El problema de la frecuencia
La frecuencia de los trastornos se estima de manera extremadamente variable; tradicionalmente la escuela francesa consideraba que el cuadro de la inestabilidad era en si mismo… inestable y que tendía a desaparecer con la edad en la medida en que podía estar relacionado con la cuestión de la inmadurez. Cuando se ha tratado de estimar su prevalencia, ha habido que hacer frente a dos posiciones distintas: por una parte los trabajos británicos, y principalmente las investigaciones epidemiológicas de Rutter, ponían en evidencia variaciones considerables según los estudios, que iban de una prevalencia del 0,1% al 10 ¡e incluso al 20%! Muchas veces se ha observado que el diagnóstico de MBD se planteaba en los Estados Unidos en un 50% de las consultas, mientras que en Inglaterra no se considera este diagnóstico más que en un 1% de los casos.
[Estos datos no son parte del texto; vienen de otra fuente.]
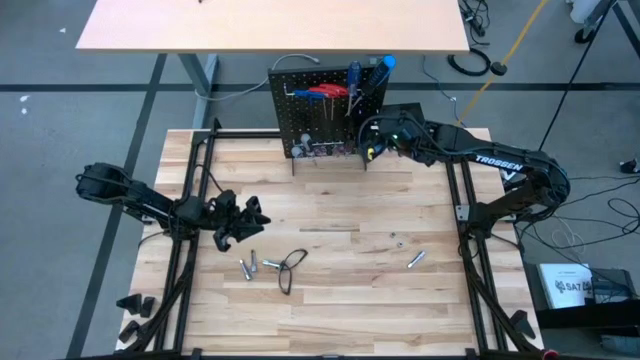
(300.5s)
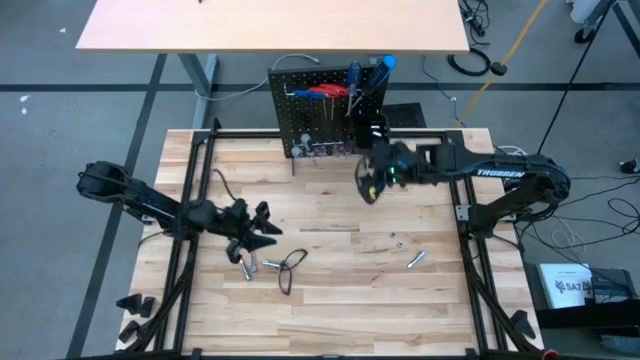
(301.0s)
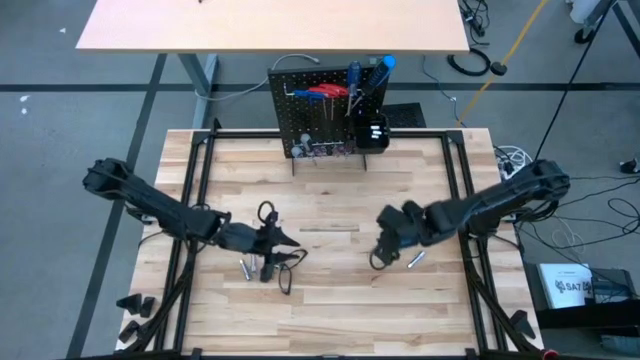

En realidad, cualquiera que sea le principio de explicación tenido en consideración (una lesión cerebral «hipotética, un «déficit cognitivo», «síntomas objetivos» desarrollados a partir de cuestionarios estandarizados, etc.) ninguna diferenciación cualitativa del síndrome ha podido ser jamás establecida, oscilando así su justificación desde siempre entre metáforas neurológicas y deducciones libremente inspiradas en la psicología diferencial. Distintos estudios americanos muestran que los enseñantes estiman que un 27% de niñas y un 49% de niños tienen dificultades de atención, y los padres aportan opiniones parecidas. Los promotores de la noción de hiperactividad y trastornos del comportamiento han tratado simplemente de localizar a los niños cuyos trastornos eran más netos, excluyendo a los igualmente posibles psicóticos. Pero incluso de esta manera, las tentativas de validar el trastorno a partir de la asociación no aleatoria de impulsividad y de dificultades de la atención han fracasado. En realidad, cuando se trata de contrastar estos comportamientos, se aprecia que es muy difícil separarlos con precisión de otros síntomas diversos: de los trastornos de ansiedad (25% de los casos), los estados depresivos (25 a 75% de los casos), los trastornos del aprendizaje escolar (del 10 al 9% de los casos), y por supuesto, los «trastornos de la conducta», es decir, la delincuencia infantil.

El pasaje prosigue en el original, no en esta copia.